Galaxy morphology is a fundamental quantity, that is essential not only for the full spectrum of galaxy-evolution studies, but also for a plethora of science in observational cosmology. While a rich literature exists on morphological-classification techniques, the unprecedented data volumes, coupled, in some cases, with the short cadences of forthcoming Big-Data surveys (e.g. from the LSST), present novel challenges for this field. Large data volumes make such datasets intractable for visual inspection (even via massively-distributed platforms like Galaxy Zoo), while short cadences make it difficult to employ techniques like supervised machine-learning, since it may be impractical to repeatedly produce training sets on short timescales. Unsupervised machine learning, which does not require training sets, is ideally suited to the morphological analysis of new and forthcoming surveys. Here, we employ an algorithm that performs clustering of graph representations, in order to group image patches with similar visual properties and objects constructed from those patches, like galaxies. We implement the algorithm on the Hyper-Suprime-Cam Subaru-Strategic-Program Ultra-Deep survey, to autonomously reduce the galaxy population to a small number (160) of morphological clusters, populated by galaxies with similar morphologies, which are then benchmarked using visual inspection.
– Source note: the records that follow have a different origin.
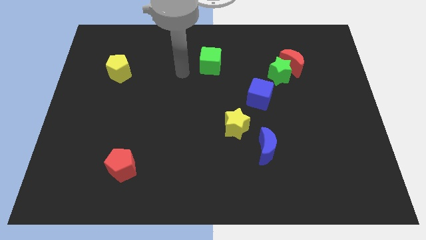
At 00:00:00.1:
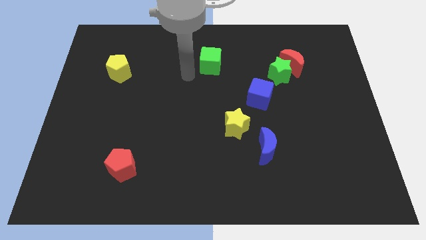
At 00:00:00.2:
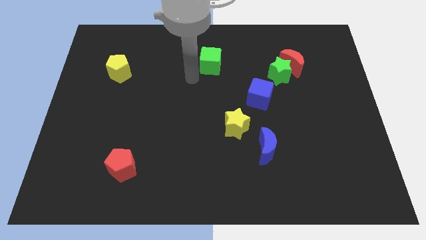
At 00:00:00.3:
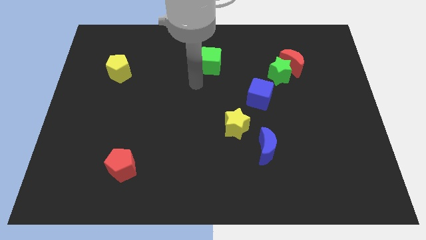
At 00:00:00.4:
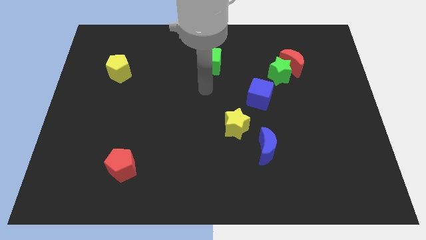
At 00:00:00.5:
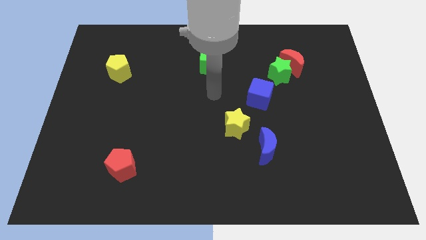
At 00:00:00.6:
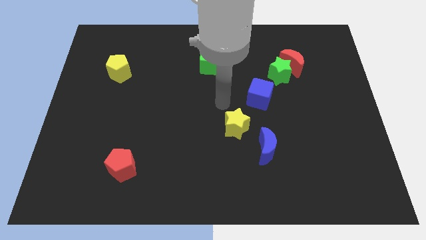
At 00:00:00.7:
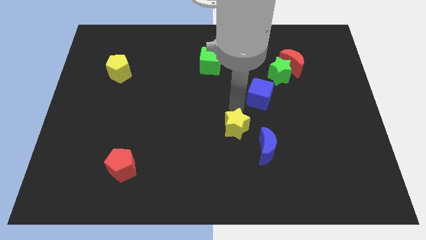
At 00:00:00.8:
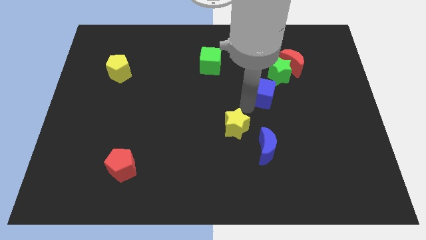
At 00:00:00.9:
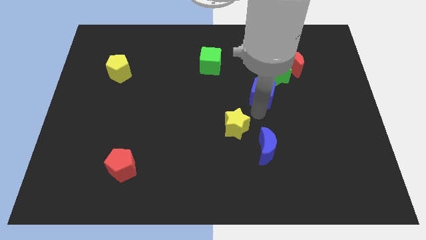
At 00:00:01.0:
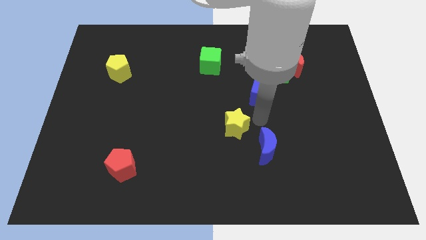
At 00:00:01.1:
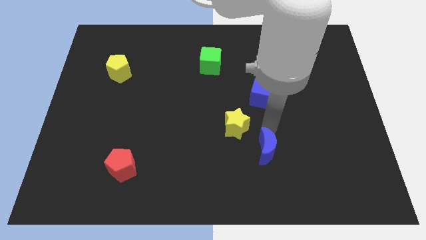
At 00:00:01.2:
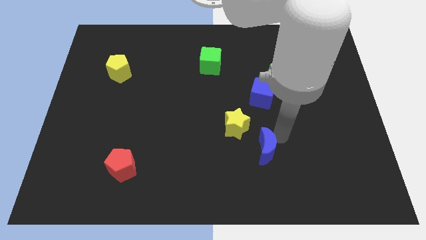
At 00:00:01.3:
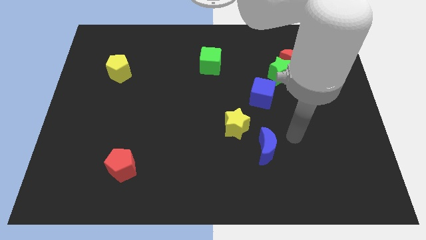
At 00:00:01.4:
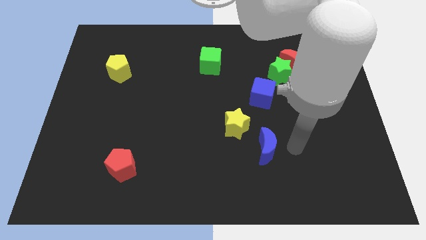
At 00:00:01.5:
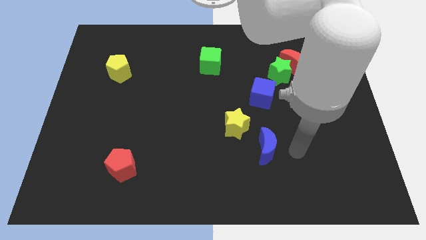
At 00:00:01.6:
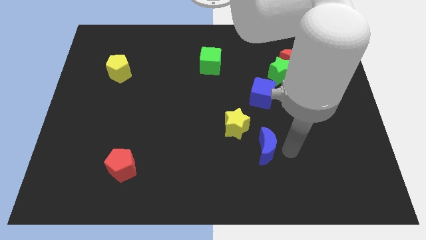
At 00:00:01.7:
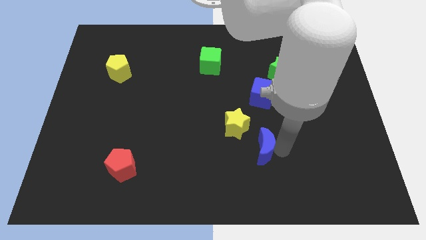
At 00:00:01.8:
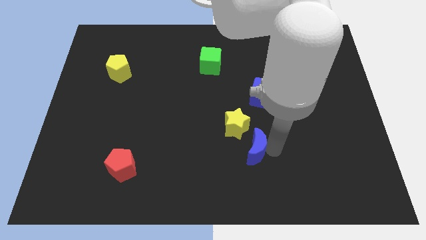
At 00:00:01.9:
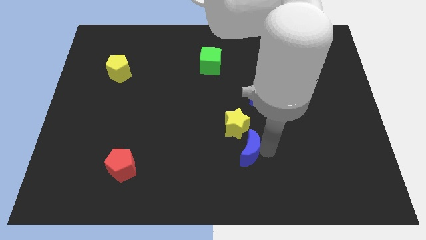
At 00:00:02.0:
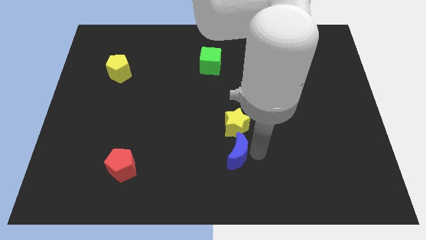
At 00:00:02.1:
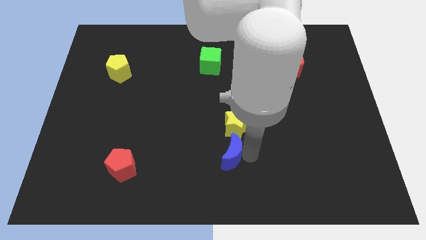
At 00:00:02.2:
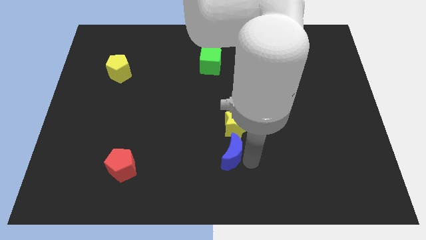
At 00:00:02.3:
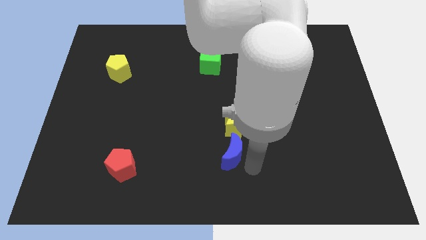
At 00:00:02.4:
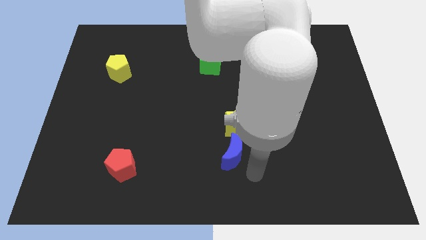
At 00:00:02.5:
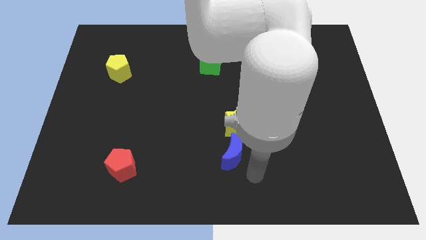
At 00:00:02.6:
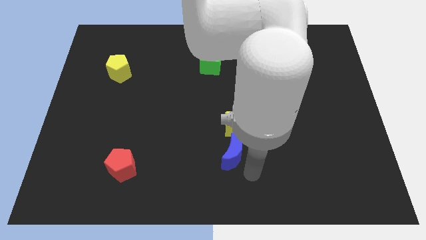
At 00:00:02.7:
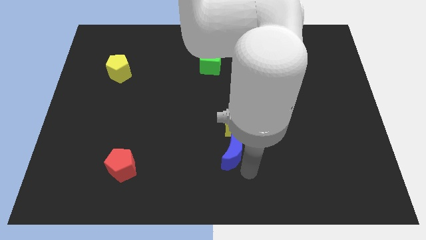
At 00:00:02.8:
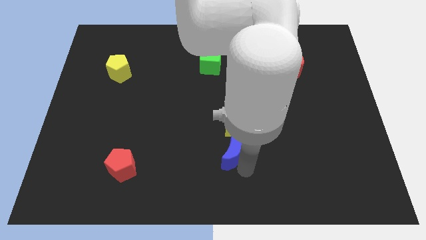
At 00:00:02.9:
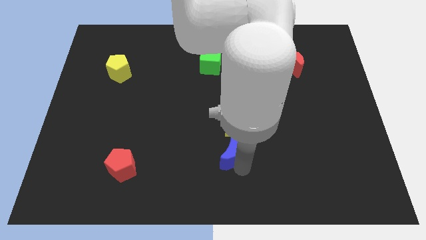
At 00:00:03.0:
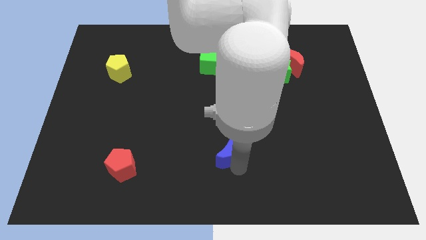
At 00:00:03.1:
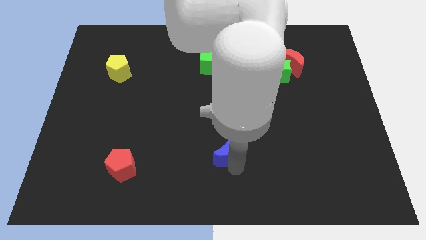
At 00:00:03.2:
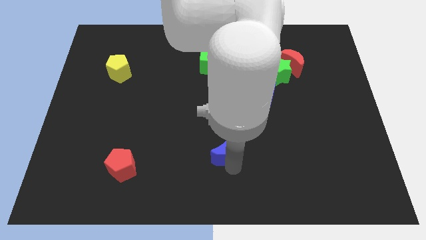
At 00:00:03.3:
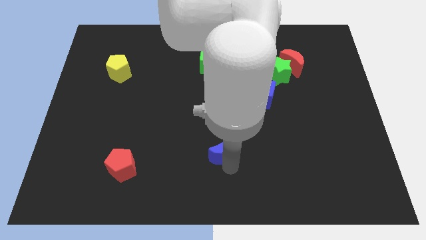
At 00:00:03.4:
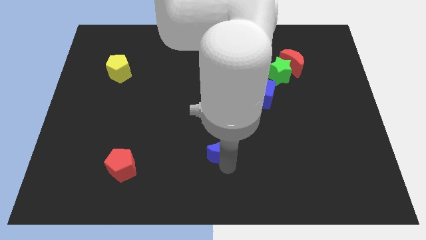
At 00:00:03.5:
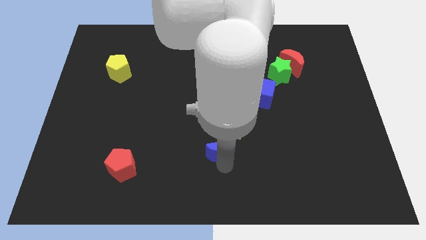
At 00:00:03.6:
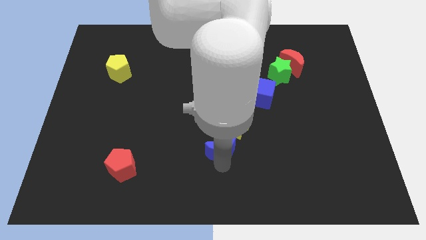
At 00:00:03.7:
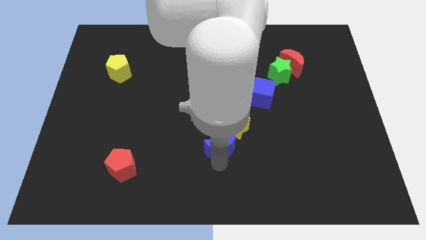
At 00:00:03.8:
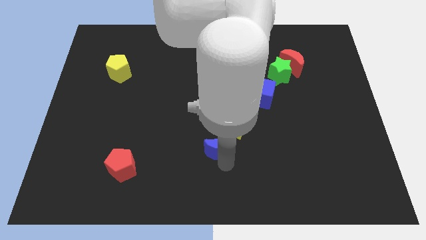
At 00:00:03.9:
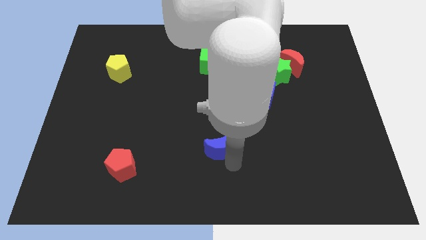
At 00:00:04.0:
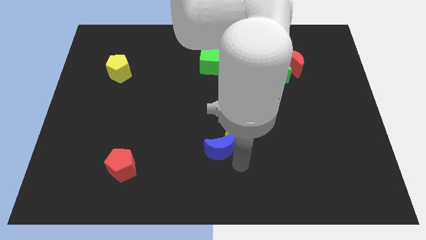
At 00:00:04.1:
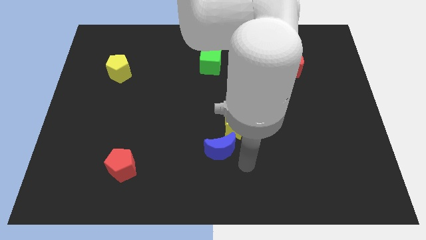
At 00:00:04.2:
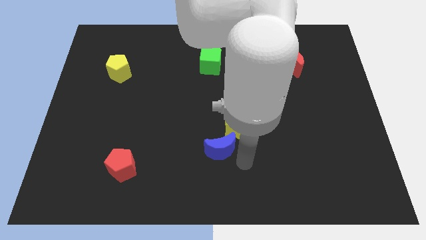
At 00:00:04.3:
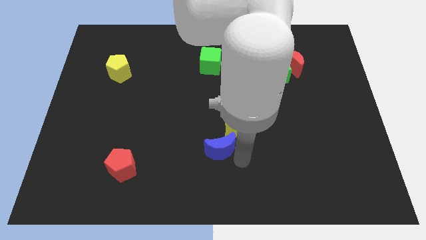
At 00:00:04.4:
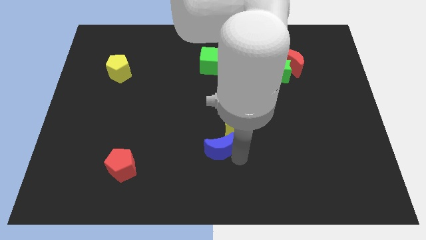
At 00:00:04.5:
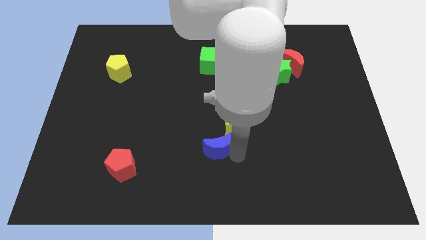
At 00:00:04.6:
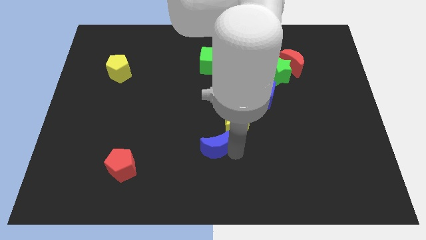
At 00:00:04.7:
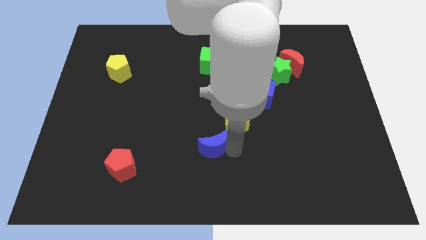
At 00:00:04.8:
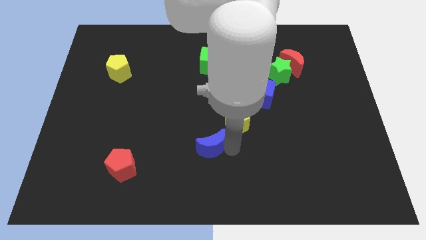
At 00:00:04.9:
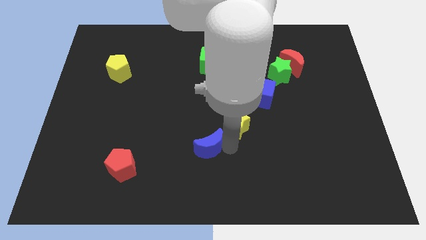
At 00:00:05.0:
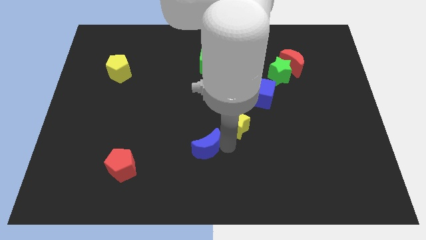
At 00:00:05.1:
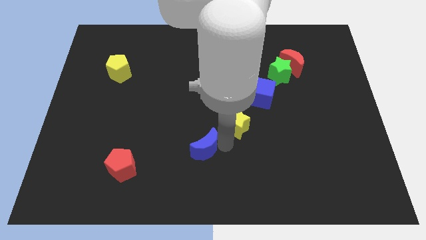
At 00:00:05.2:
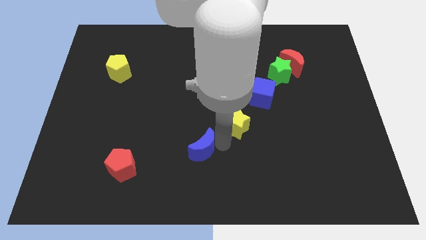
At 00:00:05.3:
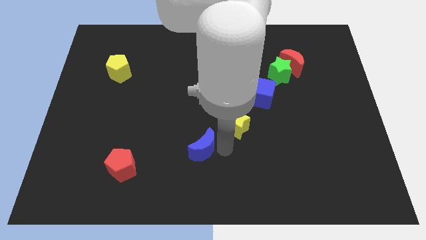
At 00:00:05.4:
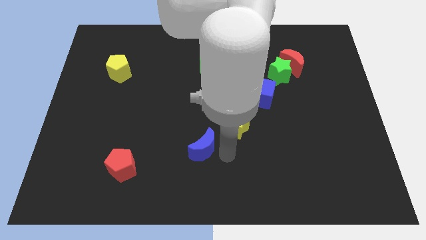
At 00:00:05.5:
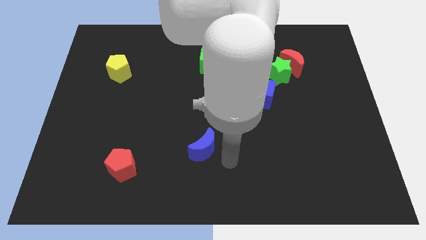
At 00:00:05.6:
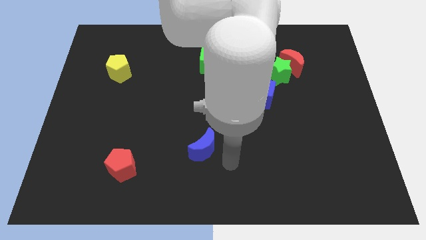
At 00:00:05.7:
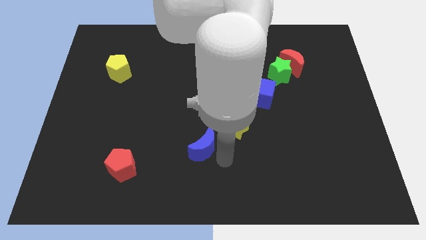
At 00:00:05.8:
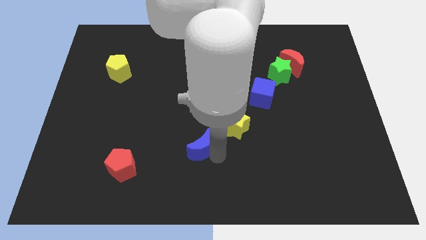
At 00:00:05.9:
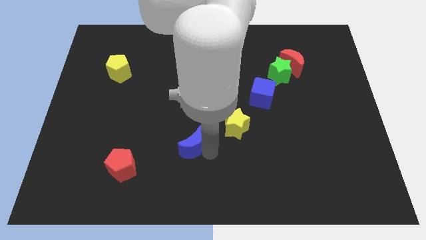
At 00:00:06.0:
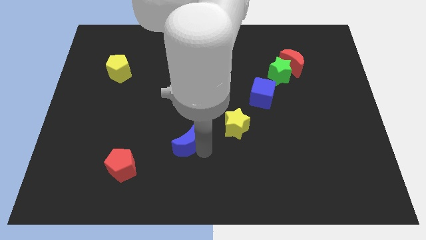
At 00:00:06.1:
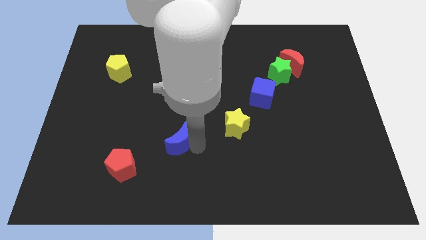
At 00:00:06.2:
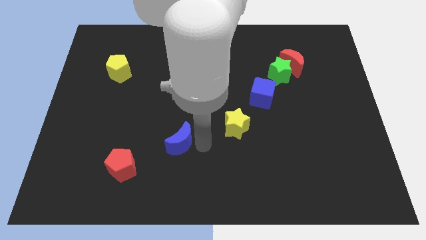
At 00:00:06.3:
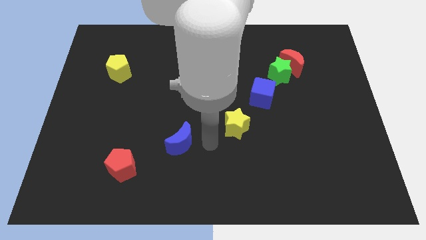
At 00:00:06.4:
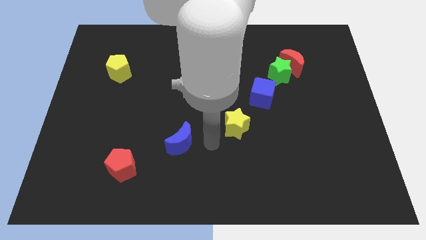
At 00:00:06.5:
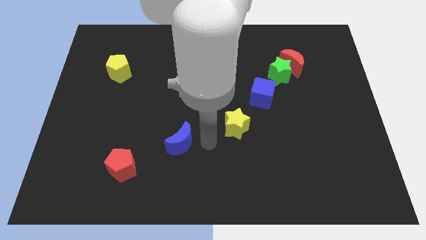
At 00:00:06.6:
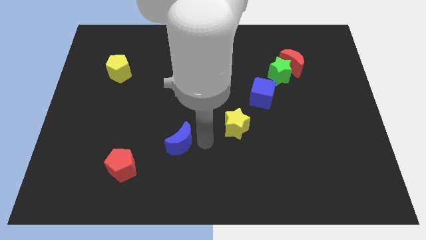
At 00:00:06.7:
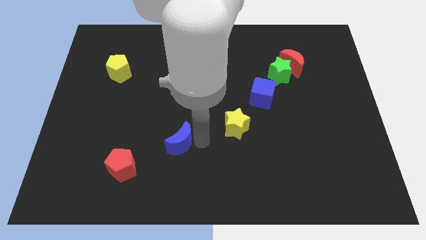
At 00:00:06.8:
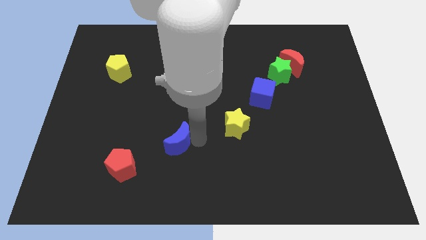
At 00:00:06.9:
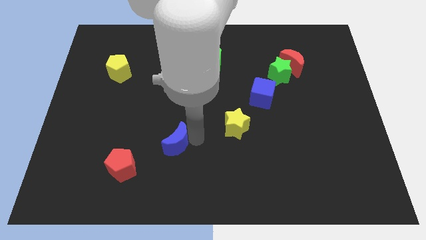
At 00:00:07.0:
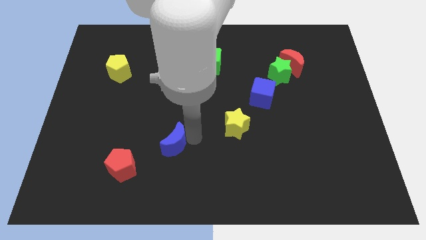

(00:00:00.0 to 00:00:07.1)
move the blue moon to the left

The morphological classifications (which we release publicly) exhibit a high level of purity, and reproduce known trends in key galaxy properties as a function of morphological type at z<1 (e.g. stellar-mass functions, rest-frame colours and the position of galaxies on the star-formation main sequence). Our study demonstrates the power of unsupervised machine learning in performing accurate morphological analysis, which will become indispensable in this new era of deep-wide surveys.